My point in advocating the drastic cut, if not abolition, of import tax and excise tax on petroleum products, while retaining the value-added tax on the same, is because Malacanang, the DOE, DSWD, Congress, and every bleeding heart policy-makers and NGOs in this country say they care for the people who complain of high oil prices. So they think of various measures to "cushion" the impact of high world oil prices. In short, everyone in the above-mentioned category think of the price of oil, and not so much about oil depletion (or "peak oil") in the long-term.

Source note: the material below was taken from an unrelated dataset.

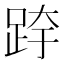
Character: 𰸉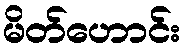
မိတ်ဟောင်း

So, if high oil prices is the main problem, as those guys have defined it, then one solution to bring down oil prices is those tax cuts on oil products. They can retain the excise tax on beer, wine, gin and brandy, cigarettes and tobacco, fine, but they should cut the excise tax on oil products.

I have anticipated earlier that some guys who trumpet too much about global warming and energy conservation would come forward and say that one solution to reduce global warming (and oil conservation) is the retention, if not the doubling, of current oil taxes. And I don't like that scenario. If governments want to encourage substitutes to petroleum products, those "green" energy, they don't have to trumpet cute slogans. They just abolish (or at least drastically reduce) all direct taxes and regulations to companies that develop wind energy, solar energy, nat-gas, geothermal, hydro, other "renewable" energy sources. But have we heard any government in the world brave enough to do this? So far, it's 100-100, or 587-587, nada, nothing.